* WORK REQUEST *
Write the listing below out again exactly, dropping the images.

* DATASET EXTRACT *
◇ ◇ ◇ ◇

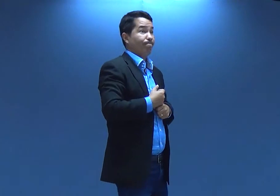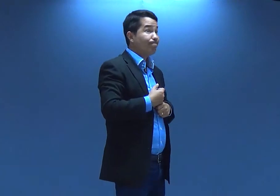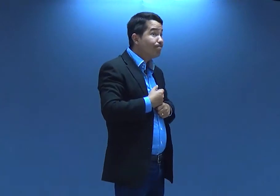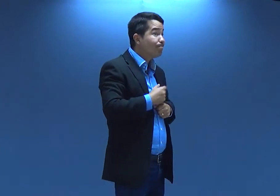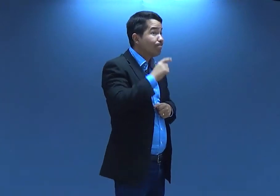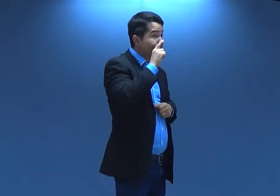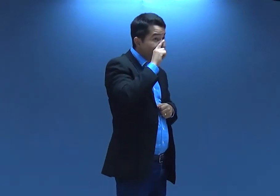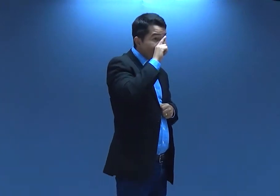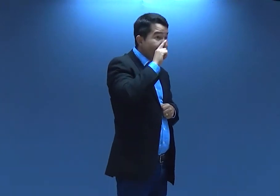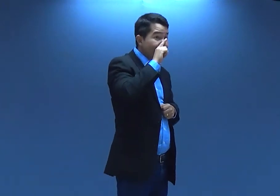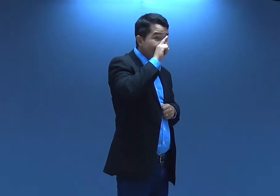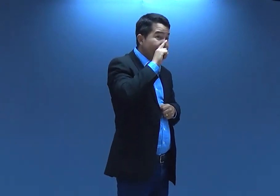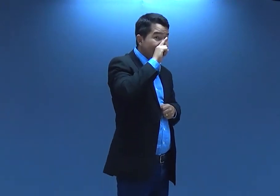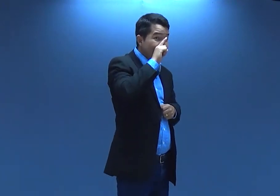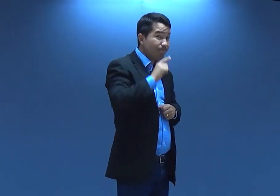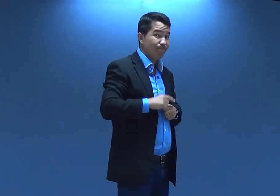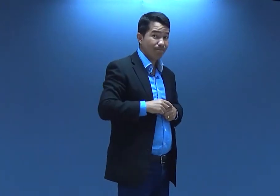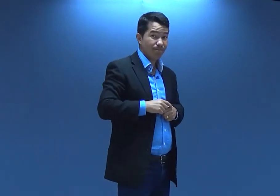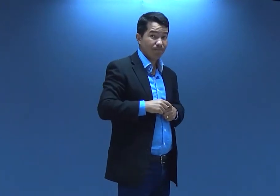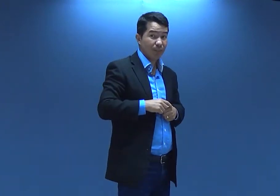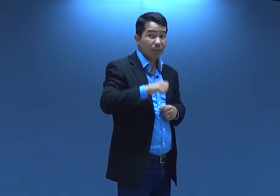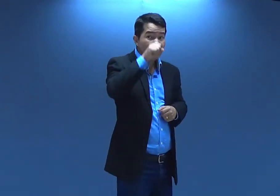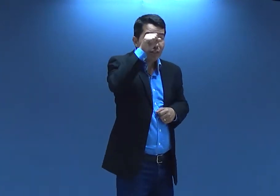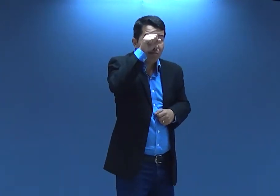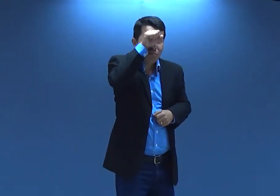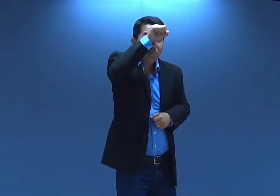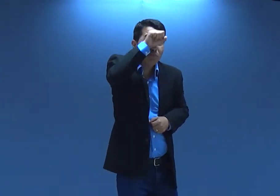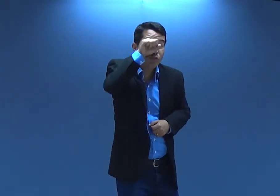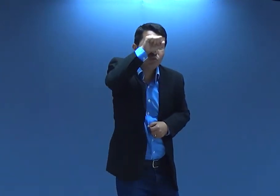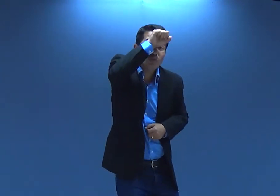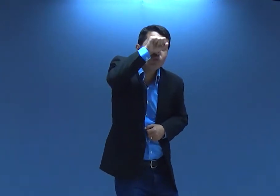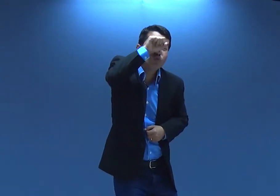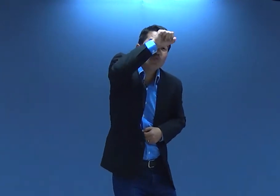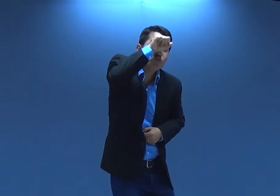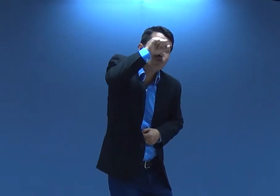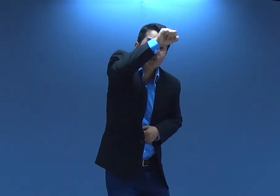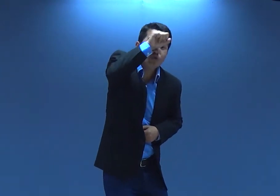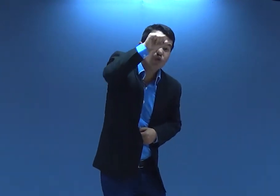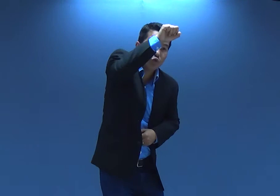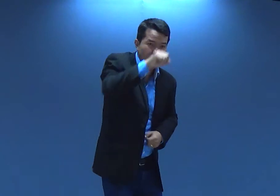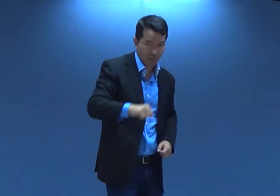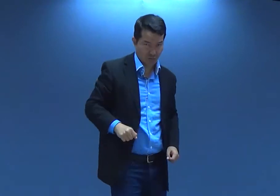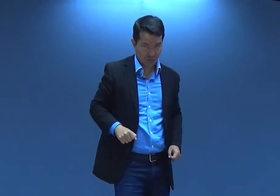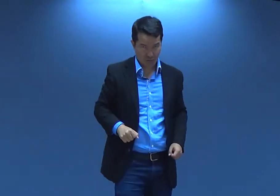meu problema. Eu vou guardar ele aqui pra mim. Gente, isso é perigoso. Ó, é muito perigoso.
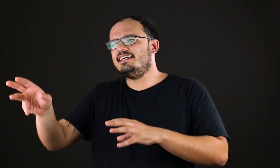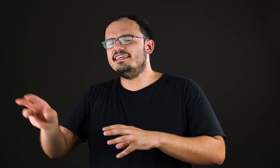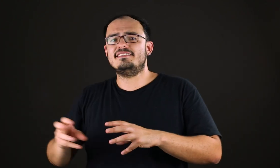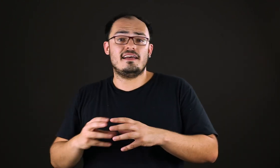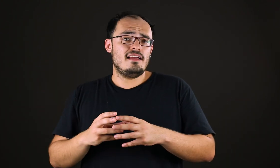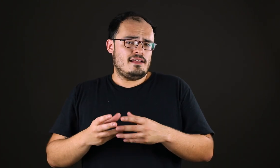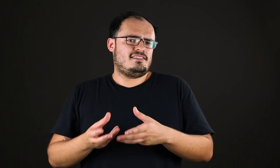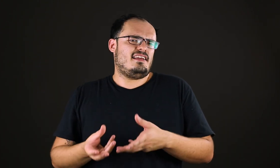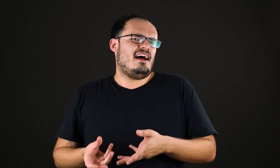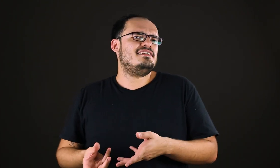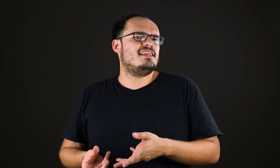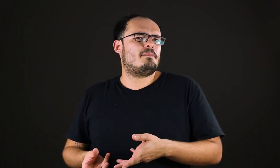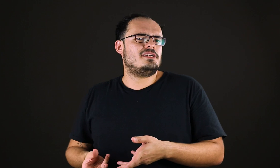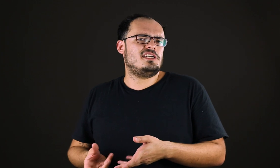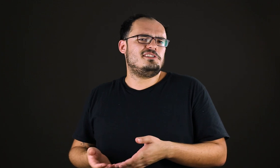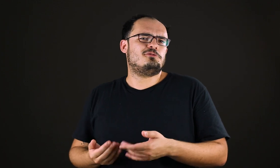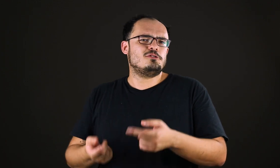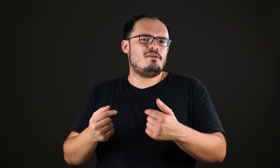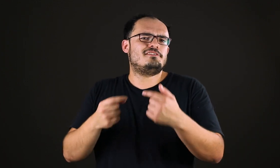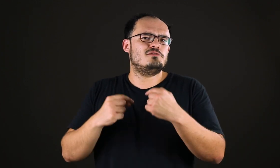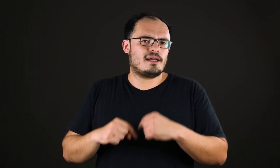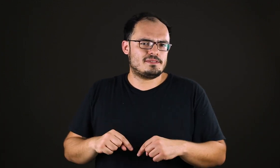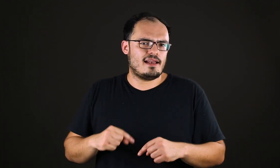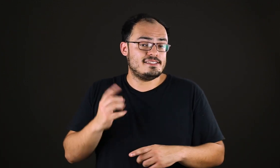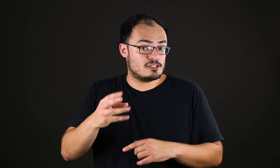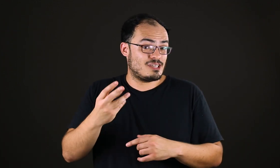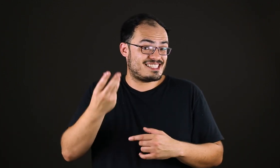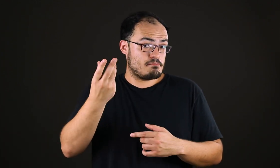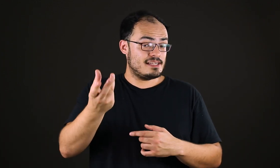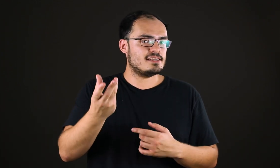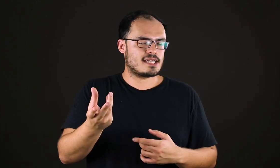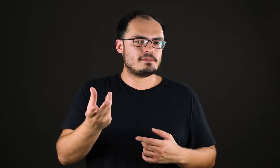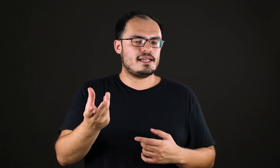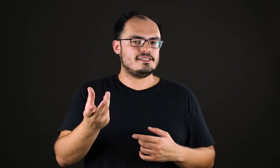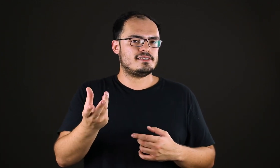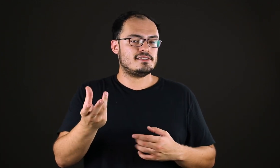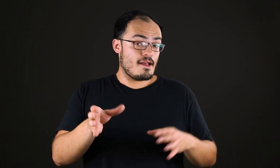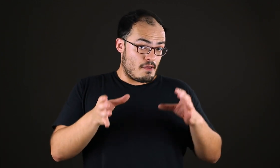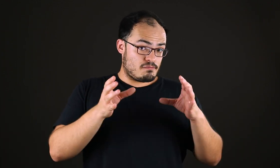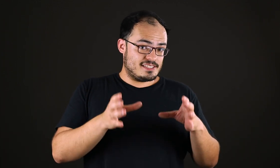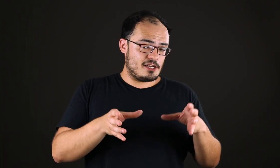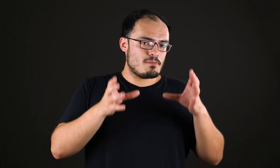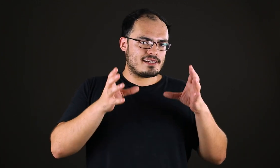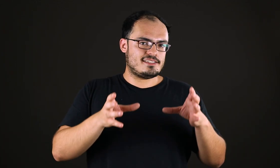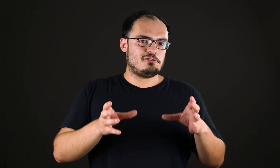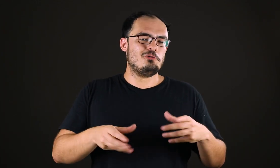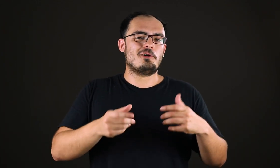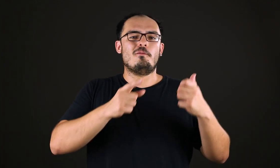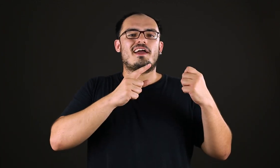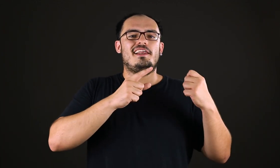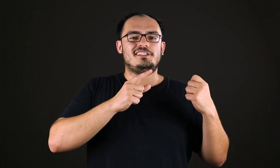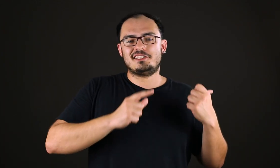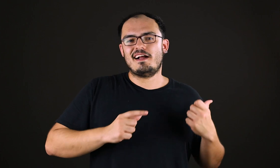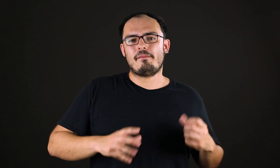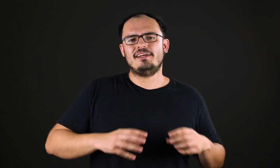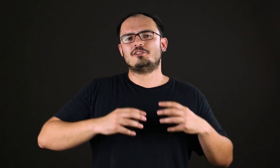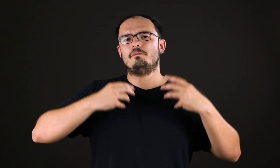lisa. Será que dá pra gente com os métodos capitalistas, com as demandas capitalistas, fazer uma arquitetura como aquela de antigamente que
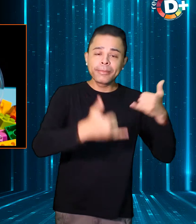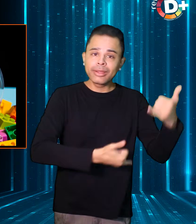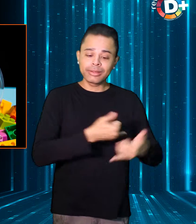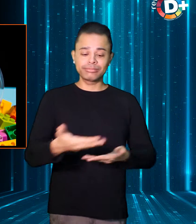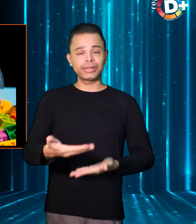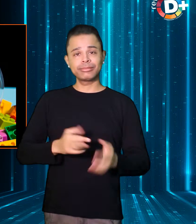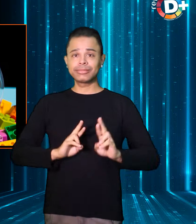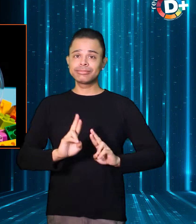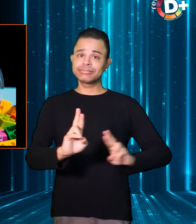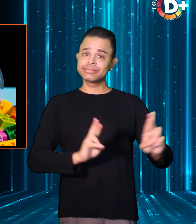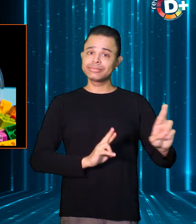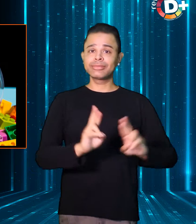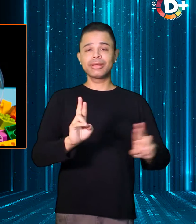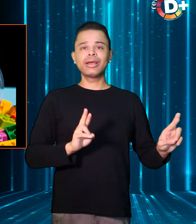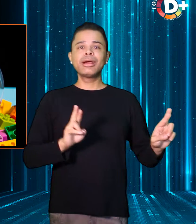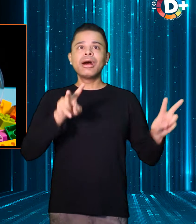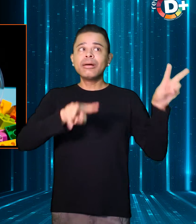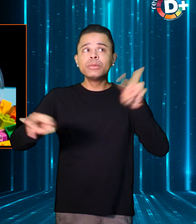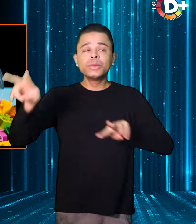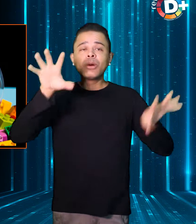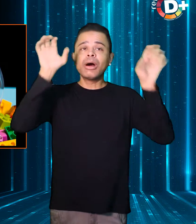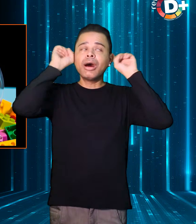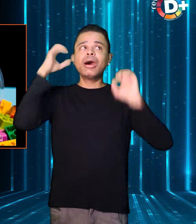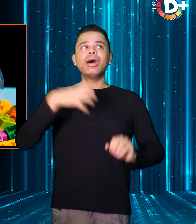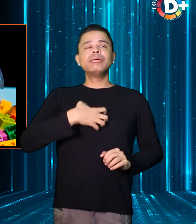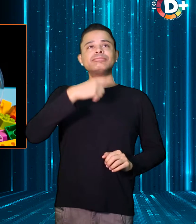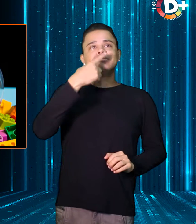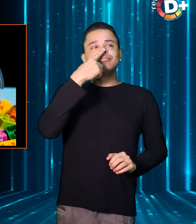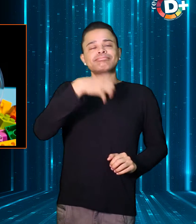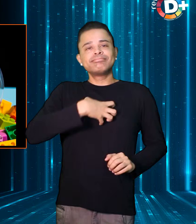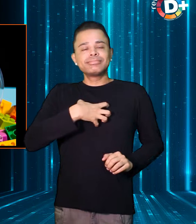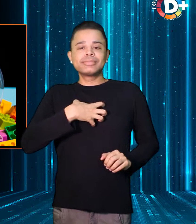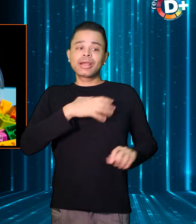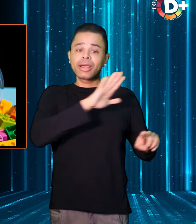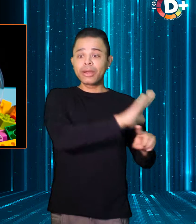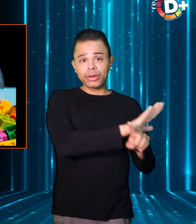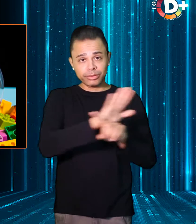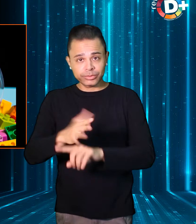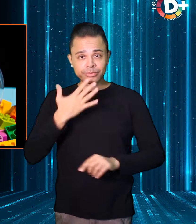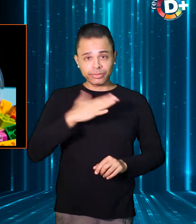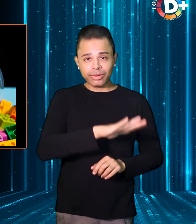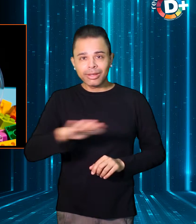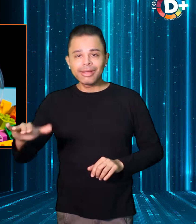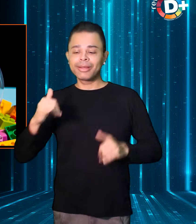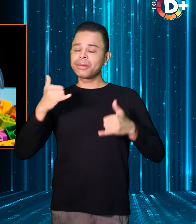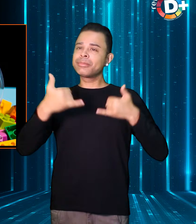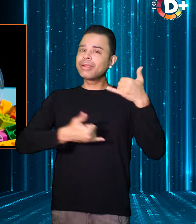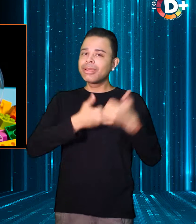multissensorial que ofereça a elas a possibilidade de brincar com jogos divertidos e

◇ ◇ ◇ ◇

* TASK ANSWER *
meu problema. Eu vou guardar ele aqui pra mim. Gente, isso é perigoso. Ó, é muito perigoso.
lisa. Será que dá pra gente com os métodos capitalistas, com as demandas capitalistas, fazer uma arquitetura como aquela de antigamente que
multissensorial que ofereça a elas a possibilidade de brincar com jogos divertidos e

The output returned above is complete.